Former Sunday Mirror and Sunday Express editor Eve Pollard has said she feels sorry for women occupying the top jobs in journalism because of the criticism they receive.
In an interview with Lauren Laverne on BBC 6Music, the veteran journalist said more needed to be done to achieve parity in newspaper boardrooms between men and women.
Pollard – who spent three years editing the Sunday Mirror and another three at the Sunday Express – said of her time on Fleet Street: ‘There was great competition with men and it was very difficult.
‘I still feel sorry for women in charge now because they can’t seem to do anything right.
‘If they look glamorous, that’s wrong; if they look mousy, that’s wrong; if they have babies, that’s wrong; if they don’t have babies, that’s wrong; if they’re slim, that’s wrong; if they’re fat, that’s wrong.
“There’s no right way of doing it. Nobody looks at blokes in boring suits and criticises them.”
Pollard became the second woman to edit a British national newspaper in 1988, after News of the World editor Wendy Henry, who started at the paper in 1987.
‘You have to have a thick skin and there have to be so many women that it stops being of notice and stops being of interest,’she added.
‘When you have 50 per cent of women filling the top jobs, it becomes just uninteresting. Now, a few stand out – a few run companies, a few are famous. People have a go at them.”
Today, the editors of three of Britain’s 20 national daily and Sunday newspapers are women – Rebekah Wade at the Sun, Tina Weaver on the Sunday Mirror and Dawn Neesom, who edits the Daily Star.
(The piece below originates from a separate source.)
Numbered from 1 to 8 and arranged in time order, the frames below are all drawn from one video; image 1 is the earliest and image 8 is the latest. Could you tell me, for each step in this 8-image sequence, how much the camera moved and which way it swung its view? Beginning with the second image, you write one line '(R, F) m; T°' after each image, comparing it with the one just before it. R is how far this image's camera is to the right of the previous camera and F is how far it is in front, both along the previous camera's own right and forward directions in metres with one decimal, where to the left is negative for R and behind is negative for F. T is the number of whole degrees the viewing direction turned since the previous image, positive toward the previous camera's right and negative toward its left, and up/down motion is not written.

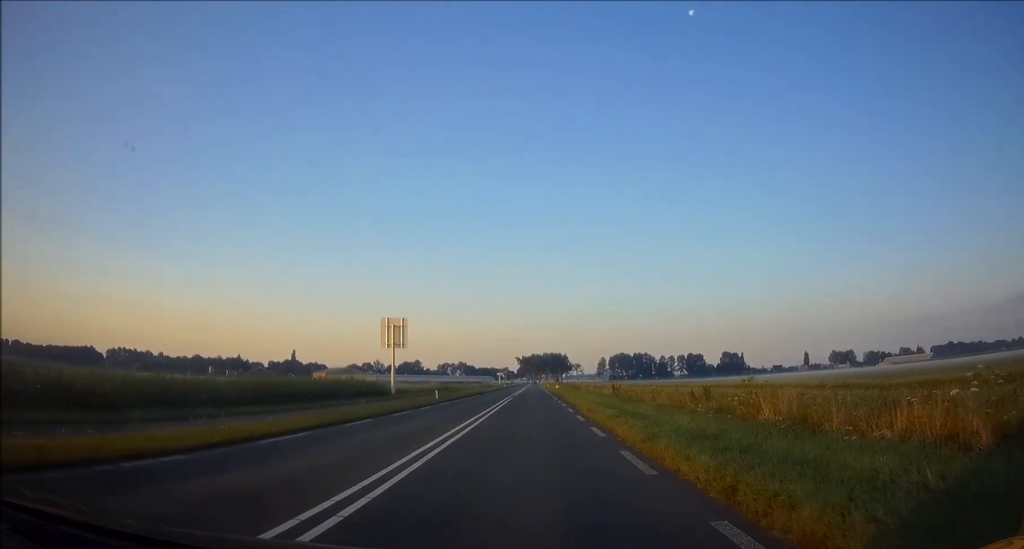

The London Evening Standard has been edited by Veronica Wadley since 2002.
The Sunday Mirror has had five women editors in its history – Eve Pollard, Bridget Rowe, Tessa Hilton, Amanda Platell and Tina Weaver.
The News of the World has had three – Wendy Henry, Patsy Chapman and Rebekah Wade – the same number as the Sunday Express, which has been edited by Eve Pollard, Sue Douglas and Amanda Platell.
The Guardian, Observer, Times, Sunday Times, Daily Telegraph, Daily Mirror, Daily Mail, Mail on Sunday and Financial Times have always been edited by men.